Required action → Instruction for the data below: set down exactly the lines from the line with "1646 c-10 -27" to the line with "16 -12 17 -28", inclusive, and no others.

Provided material →
>>>

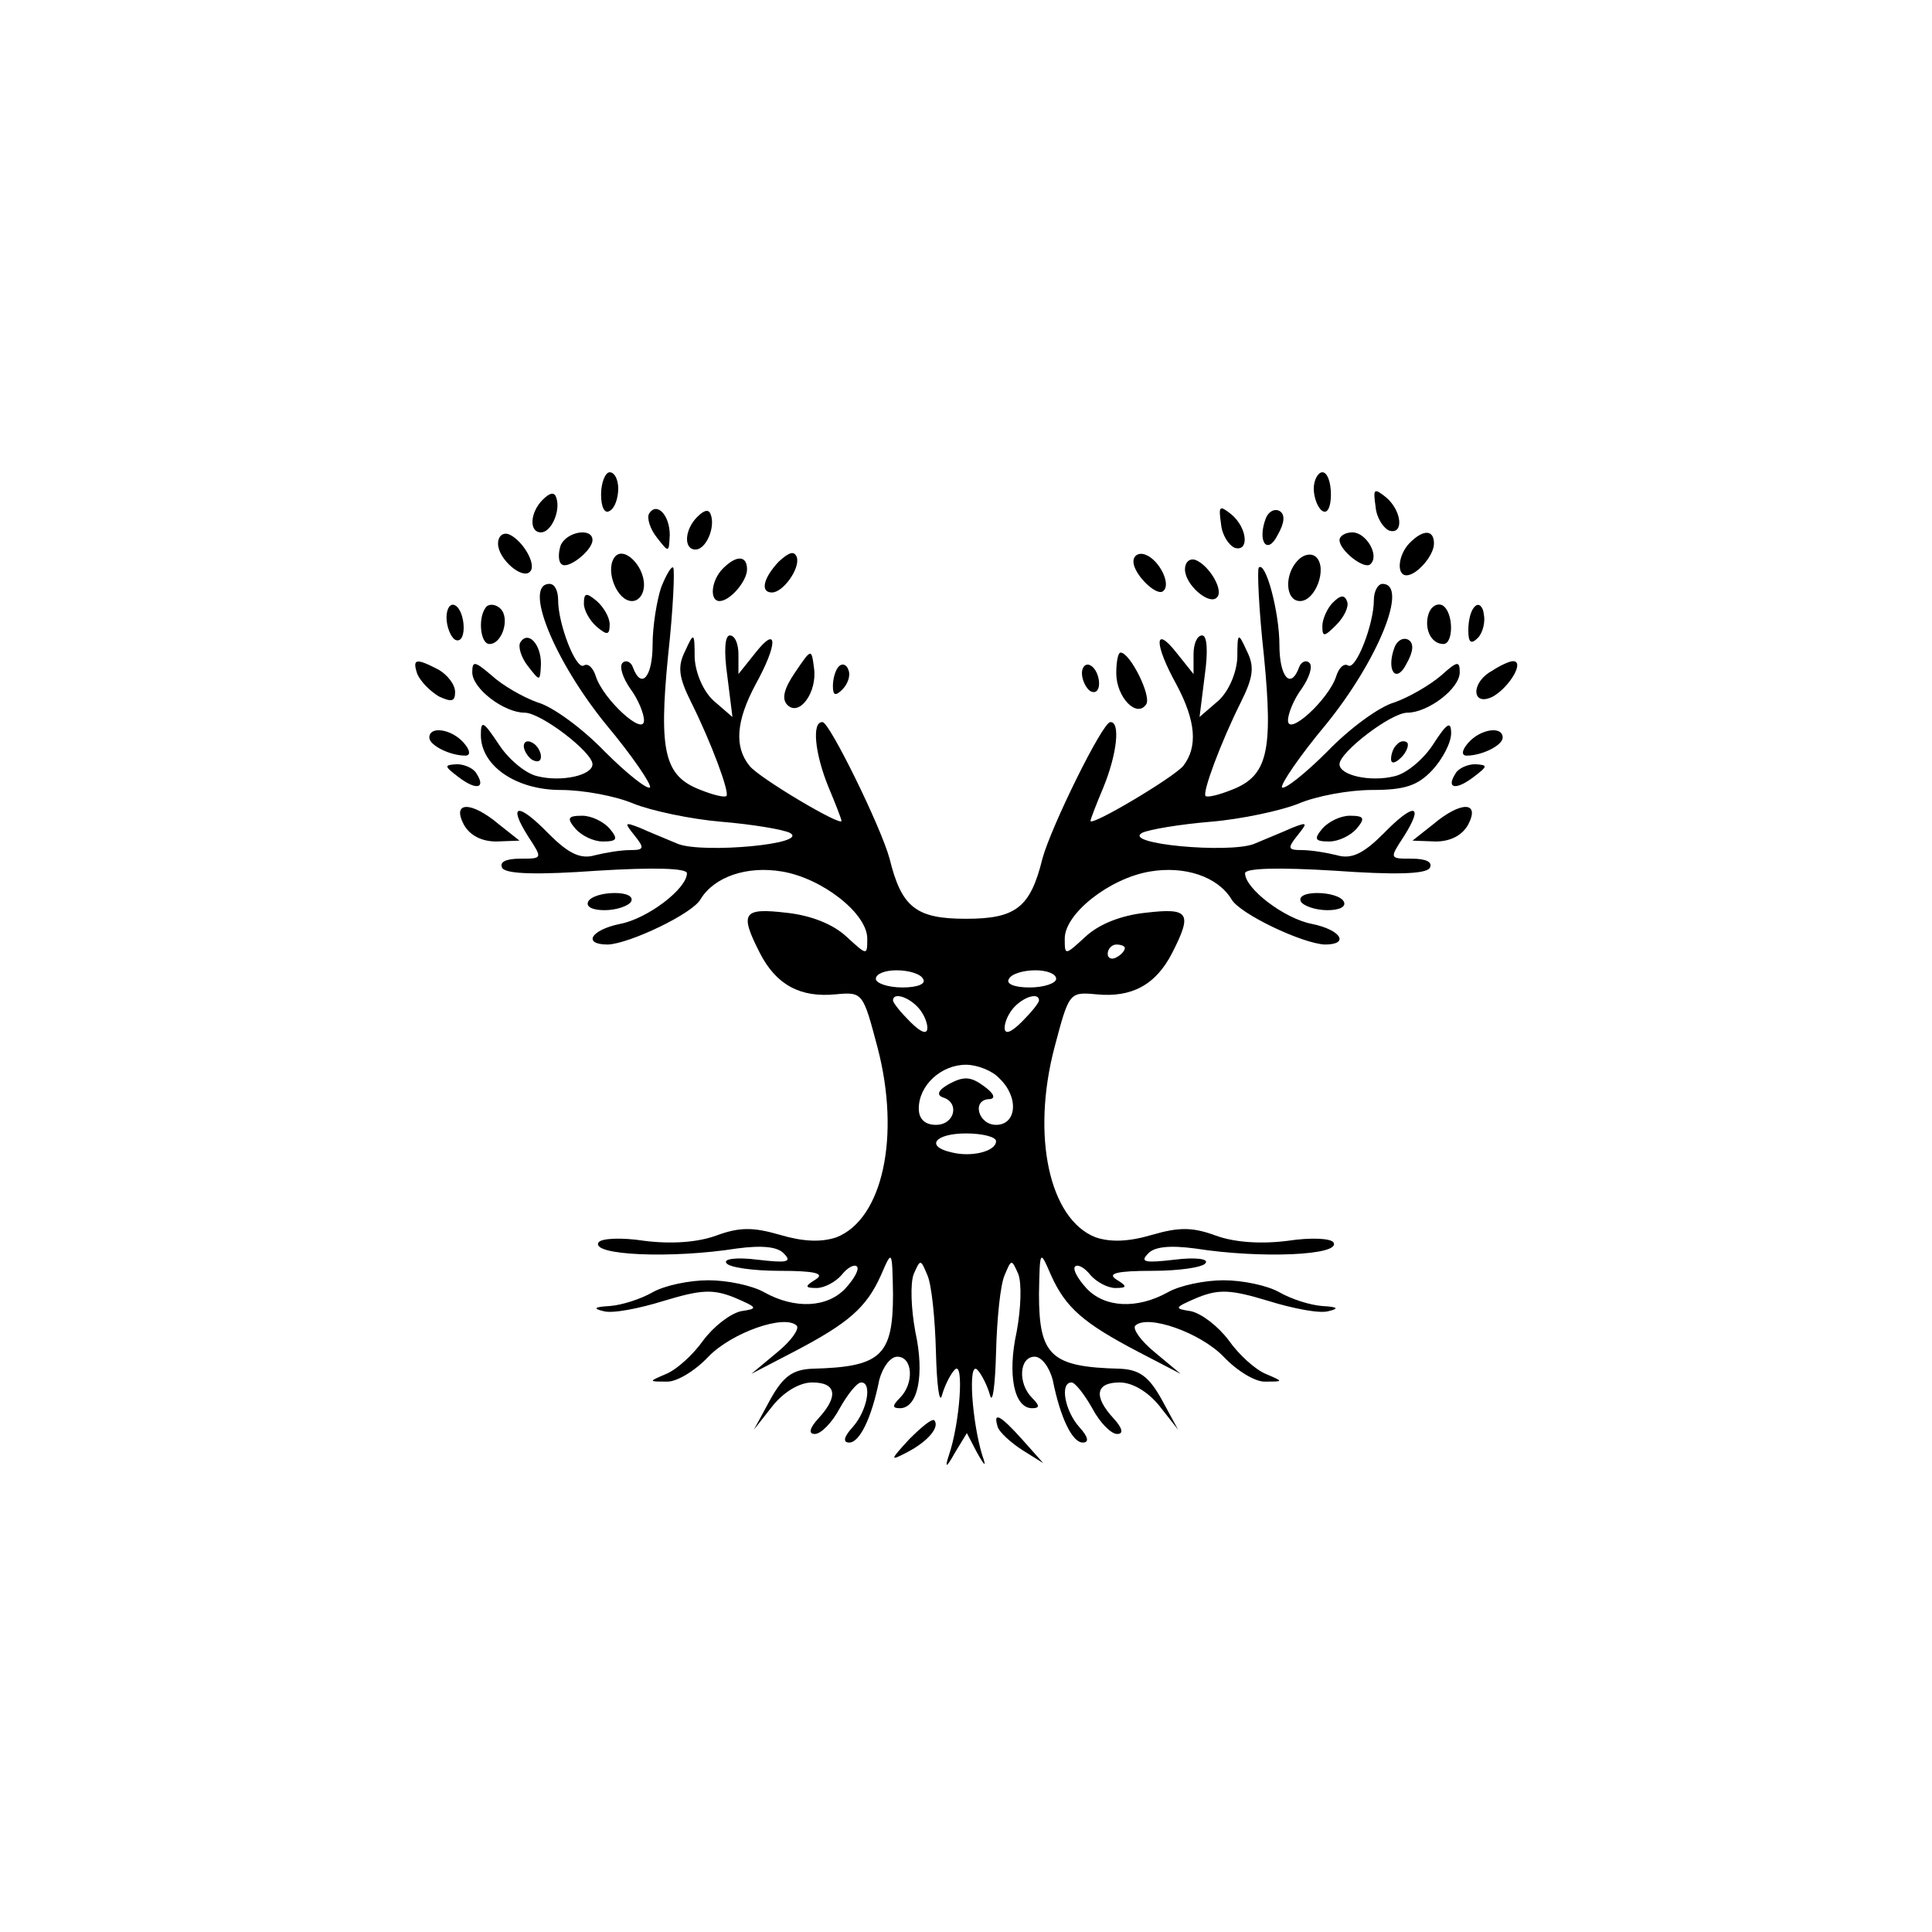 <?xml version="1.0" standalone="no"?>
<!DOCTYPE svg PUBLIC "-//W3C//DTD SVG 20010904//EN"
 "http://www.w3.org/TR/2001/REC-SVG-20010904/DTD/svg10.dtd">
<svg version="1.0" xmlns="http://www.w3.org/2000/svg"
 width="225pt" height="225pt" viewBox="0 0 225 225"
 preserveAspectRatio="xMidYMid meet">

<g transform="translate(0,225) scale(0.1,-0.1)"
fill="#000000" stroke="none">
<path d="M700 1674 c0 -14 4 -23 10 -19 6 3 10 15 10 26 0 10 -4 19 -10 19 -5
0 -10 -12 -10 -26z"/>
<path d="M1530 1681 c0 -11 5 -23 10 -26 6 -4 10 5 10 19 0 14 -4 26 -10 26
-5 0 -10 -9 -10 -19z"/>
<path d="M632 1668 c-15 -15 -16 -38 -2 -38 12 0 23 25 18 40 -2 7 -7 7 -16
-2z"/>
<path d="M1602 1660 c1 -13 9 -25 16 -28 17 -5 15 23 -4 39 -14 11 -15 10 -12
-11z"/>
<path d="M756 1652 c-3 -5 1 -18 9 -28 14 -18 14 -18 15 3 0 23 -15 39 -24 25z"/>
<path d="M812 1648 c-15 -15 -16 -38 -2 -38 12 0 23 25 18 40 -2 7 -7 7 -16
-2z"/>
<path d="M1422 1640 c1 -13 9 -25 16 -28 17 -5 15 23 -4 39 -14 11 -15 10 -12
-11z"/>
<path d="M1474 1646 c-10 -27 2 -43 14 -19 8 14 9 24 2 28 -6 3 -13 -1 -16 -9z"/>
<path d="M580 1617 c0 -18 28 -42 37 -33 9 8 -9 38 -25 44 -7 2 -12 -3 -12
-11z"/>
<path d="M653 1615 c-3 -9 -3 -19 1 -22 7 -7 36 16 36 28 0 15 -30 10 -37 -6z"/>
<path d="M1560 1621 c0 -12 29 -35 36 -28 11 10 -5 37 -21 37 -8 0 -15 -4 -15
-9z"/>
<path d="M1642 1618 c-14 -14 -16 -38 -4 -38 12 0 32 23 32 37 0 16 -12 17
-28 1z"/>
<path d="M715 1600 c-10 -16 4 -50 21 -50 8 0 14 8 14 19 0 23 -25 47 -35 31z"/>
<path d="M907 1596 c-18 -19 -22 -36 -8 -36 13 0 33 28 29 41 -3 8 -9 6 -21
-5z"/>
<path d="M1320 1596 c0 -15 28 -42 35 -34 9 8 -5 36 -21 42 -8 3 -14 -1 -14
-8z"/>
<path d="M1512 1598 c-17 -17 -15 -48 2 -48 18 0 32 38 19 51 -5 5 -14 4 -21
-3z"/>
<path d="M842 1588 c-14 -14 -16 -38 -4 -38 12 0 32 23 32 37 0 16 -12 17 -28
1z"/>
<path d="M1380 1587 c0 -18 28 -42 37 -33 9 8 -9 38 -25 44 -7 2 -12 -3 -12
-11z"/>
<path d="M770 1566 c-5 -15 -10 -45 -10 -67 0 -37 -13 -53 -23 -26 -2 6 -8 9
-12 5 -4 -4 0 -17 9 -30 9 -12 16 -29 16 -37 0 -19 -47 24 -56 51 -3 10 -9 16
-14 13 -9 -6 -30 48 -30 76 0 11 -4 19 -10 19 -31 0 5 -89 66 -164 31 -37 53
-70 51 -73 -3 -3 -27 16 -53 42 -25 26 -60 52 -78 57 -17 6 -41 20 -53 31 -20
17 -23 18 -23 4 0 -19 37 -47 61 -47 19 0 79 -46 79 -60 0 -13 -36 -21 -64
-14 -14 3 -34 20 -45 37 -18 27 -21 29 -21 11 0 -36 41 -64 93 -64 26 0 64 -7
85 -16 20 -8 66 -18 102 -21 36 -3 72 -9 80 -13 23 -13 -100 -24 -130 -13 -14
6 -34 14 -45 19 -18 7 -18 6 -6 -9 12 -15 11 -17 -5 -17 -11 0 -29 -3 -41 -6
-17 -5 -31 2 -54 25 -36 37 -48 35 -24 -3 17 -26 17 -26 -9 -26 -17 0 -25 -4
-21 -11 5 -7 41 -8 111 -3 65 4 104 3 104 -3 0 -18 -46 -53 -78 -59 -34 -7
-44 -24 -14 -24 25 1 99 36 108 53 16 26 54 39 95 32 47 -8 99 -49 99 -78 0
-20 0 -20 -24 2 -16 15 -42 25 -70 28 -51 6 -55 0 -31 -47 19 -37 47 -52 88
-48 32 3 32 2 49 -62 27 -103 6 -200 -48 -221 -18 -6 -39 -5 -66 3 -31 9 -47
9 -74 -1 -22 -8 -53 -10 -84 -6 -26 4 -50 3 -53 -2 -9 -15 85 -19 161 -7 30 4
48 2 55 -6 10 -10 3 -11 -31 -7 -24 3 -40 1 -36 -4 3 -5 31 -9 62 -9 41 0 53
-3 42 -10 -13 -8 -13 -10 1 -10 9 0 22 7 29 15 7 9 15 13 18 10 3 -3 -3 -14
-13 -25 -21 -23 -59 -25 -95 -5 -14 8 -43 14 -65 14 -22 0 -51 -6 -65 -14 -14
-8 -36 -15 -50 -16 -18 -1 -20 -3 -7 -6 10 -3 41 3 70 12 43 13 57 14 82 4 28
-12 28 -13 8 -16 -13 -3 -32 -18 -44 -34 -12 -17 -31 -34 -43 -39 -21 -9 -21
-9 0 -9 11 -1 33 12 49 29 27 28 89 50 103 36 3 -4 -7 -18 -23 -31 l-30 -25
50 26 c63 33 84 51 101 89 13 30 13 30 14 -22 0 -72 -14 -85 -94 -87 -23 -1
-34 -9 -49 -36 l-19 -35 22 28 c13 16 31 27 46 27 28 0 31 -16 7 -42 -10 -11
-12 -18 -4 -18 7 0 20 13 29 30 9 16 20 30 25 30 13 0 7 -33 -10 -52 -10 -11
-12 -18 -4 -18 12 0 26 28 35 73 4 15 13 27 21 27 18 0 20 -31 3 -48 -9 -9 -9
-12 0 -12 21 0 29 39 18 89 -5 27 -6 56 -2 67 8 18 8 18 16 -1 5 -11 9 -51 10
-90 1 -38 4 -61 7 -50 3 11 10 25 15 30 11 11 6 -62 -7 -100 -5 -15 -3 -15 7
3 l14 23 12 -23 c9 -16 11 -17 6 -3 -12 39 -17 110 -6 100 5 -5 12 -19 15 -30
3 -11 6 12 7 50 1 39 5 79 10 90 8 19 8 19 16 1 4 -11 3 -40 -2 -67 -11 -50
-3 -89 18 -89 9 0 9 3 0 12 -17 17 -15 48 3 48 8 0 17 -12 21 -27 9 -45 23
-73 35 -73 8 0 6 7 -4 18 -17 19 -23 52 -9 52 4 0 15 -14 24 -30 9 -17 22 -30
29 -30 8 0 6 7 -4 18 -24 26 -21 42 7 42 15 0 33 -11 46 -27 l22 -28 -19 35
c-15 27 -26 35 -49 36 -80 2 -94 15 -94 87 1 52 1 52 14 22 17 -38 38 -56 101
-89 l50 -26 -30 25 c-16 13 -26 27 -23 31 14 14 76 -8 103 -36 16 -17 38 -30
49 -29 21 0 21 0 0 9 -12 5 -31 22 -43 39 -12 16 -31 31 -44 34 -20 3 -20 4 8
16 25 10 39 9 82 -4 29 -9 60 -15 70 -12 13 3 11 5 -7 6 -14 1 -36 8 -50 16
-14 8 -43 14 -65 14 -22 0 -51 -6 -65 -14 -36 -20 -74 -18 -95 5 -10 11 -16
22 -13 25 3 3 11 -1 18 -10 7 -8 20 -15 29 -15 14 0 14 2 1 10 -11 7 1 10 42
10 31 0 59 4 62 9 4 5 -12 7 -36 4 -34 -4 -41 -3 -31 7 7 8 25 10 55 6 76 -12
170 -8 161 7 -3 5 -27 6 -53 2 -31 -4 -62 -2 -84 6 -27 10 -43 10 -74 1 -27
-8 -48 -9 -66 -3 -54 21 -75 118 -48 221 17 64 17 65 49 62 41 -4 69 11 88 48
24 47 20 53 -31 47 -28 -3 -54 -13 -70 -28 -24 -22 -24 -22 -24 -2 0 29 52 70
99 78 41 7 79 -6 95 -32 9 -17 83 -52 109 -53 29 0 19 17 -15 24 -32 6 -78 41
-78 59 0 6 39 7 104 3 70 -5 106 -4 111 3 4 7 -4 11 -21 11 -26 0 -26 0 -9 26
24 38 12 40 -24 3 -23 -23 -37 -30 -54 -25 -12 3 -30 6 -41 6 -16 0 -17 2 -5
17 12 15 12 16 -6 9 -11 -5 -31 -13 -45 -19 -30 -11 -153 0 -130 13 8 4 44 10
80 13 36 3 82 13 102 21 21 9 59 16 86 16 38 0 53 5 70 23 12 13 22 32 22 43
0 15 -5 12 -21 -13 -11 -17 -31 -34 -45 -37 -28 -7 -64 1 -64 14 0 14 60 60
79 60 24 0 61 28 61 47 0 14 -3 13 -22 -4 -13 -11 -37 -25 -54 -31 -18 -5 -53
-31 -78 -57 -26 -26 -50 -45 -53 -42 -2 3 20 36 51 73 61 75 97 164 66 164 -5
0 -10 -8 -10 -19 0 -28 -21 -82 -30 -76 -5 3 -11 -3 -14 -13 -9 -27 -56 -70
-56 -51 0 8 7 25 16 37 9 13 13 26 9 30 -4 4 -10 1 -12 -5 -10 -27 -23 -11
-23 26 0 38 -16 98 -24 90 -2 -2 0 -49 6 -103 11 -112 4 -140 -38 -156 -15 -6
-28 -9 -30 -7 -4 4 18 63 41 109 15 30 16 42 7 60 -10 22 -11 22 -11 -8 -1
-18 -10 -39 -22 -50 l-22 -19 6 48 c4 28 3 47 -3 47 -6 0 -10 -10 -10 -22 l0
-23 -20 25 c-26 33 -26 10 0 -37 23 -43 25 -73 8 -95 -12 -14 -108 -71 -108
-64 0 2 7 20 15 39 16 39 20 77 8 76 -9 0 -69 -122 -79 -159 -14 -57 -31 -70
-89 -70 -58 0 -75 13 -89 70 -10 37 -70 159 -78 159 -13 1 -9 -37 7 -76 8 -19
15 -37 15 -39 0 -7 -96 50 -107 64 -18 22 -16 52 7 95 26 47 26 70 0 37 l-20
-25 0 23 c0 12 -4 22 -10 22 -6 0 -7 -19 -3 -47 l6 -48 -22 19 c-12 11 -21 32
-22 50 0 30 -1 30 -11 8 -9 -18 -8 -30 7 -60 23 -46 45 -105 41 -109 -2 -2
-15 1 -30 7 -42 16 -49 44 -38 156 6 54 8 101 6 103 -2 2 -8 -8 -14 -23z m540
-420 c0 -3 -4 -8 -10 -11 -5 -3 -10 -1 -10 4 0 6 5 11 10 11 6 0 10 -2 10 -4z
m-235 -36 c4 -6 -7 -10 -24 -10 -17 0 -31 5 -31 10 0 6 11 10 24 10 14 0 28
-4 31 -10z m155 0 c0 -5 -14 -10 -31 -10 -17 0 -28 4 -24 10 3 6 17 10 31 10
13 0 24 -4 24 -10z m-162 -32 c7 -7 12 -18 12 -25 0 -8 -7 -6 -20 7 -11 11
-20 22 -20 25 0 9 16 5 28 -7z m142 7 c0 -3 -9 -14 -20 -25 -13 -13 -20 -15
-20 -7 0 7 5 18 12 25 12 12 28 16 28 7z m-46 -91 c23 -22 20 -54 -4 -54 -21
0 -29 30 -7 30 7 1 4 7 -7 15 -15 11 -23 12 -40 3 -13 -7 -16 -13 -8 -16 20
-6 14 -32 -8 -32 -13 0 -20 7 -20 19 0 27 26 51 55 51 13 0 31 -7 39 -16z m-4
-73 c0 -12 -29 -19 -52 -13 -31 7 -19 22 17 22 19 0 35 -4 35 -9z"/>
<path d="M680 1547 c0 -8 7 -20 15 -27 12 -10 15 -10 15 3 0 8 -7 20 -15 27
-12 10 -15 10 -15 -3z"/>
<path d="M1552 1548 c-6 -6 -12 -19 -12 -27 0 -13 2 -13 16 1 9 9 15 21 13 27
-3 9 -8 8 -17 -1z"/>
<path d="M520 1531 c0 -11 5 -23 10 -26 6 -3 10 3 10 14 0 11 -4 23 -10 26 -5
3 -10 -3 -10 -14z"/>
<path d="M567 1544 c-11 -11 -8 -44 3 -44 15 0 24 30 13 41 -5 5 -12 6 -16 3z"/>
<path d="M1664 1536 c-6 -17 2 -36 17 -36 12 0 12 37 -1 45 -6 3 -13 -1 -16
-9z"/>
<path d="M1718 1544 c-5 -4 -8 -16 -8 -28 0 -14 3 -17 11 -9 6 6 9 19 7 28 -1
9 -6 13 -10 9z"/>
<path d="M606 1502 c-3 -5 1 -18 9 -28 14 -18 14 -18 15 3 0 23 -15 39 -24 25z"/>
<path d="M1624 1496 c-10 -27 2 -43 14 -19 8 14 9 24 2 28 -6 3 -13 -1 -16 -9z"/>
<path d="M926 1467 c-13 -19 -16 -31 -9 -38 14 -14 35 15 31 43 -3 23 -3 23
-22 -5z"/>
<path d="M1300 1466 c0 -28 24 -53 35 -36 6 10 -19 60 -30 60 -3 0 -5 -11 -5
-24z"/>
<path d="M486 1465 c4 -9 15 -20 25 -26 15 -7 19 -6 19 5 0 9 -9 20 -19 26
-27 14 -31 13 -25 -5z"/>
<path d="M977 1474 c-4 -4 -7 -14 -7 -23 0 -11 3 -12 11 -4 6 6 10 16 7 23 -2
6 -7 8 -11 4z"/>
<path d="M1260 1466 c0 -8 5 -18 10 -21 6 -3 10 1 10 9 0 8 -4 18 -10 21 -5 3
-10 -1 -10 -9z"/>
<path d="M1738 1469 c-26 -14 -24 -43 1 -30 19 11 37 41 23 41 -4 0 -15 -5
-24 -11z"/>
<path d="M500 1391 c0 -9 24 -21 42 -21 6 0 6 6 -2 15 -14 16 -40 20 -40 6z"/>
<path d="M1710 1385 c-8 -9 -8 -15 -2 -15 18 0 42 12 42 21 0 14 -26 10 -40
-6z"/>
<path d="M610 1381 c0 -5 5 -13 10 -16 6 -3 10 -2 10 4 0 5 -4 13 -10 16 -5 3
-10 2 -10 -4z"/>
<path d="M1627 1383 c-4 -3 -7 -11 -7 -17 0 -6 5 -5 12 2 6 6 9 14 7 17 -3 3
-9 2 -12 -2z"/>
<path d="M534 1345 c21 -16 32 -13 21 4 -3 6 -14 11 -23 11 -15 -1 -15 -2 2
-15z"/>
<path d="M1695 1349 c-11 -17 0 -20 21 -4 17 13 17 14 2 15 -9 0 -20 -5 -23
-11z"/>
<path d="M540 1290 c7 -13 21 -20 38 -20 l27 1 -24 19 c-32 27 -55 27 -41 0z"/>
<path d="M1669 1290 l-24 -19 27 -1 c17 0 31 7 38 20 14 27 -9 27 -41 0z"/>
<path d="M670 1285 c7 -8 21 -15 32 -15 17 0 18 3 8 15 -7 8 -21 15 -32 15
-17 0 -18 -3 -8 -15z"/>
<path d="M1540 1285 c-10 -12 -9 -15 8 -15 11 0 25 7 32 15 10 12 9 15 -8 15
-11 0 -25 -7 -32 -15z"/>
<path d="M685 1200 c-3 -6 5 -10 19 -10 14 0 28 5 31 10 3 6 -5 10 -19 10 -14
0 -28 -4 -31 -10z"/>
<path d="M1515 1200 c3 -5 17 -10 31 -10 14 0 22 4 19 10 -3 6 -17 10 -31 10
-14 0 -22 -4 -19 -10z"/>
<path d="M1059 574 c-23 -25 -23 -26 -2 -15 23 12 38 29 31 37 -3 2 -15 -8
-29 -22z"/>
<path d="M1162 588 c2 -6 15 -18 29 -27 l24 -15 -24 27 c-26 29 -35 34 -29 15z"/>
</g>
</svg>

<<<

Expected answer →
<path d="M1474 1646 c-10 -27 2 -43 14 -19 8 14 9 24 2 28 -6 3 -13 -1 -16 -9z"/>
<path d="M580 1617 c0 -18 28 -42 37 -33 9 8 -9 38 -25 44 -7 2 -12 -3 -12
-11z"/>
<path d="M653 1615 c-3 -9 -3 -19 1 -22 7 -7 36 16 36 28 0 15 -30 10 -37 -6z"/>
<path d="M1560 1621 c0 -12 29 -35 36 -28 11 10 -5 37 -21 37 -8 0 -15 -4 -15
-9z"/>
<path d="M1642 1618 c-14 -14 -16 -38 -4 -38 12 0 32 23 32 37 0 16 -12 17
-28 1z"/>
<path d="M715 1600 c-10 -16 4 -50 21 -50 8 0 14 8 14 19 0 23 -25 47 -35 31z"/>
<path d="M907 1596 c-18 -19 -22 -36 -8 -36 13 0 33 28 29 41 -3 8 -9 6 -21
-5z"/>
<path d="M1320 1596 c0 -15 28 -42 35 -34 9 8 -5 36 -21 42 -8 3 -14 -1 -14
-8z"/>
<path d="M1512 1598 c-17 -17 -15 -48 2 -48 18 0 32 38 19 51 -5 5 -14 4 -21
-3z"/>
<path d="M842 1588 c-14 -14 -16 -38 -4 -38 12 0 32 23 32 37 0 16 -12 17 -28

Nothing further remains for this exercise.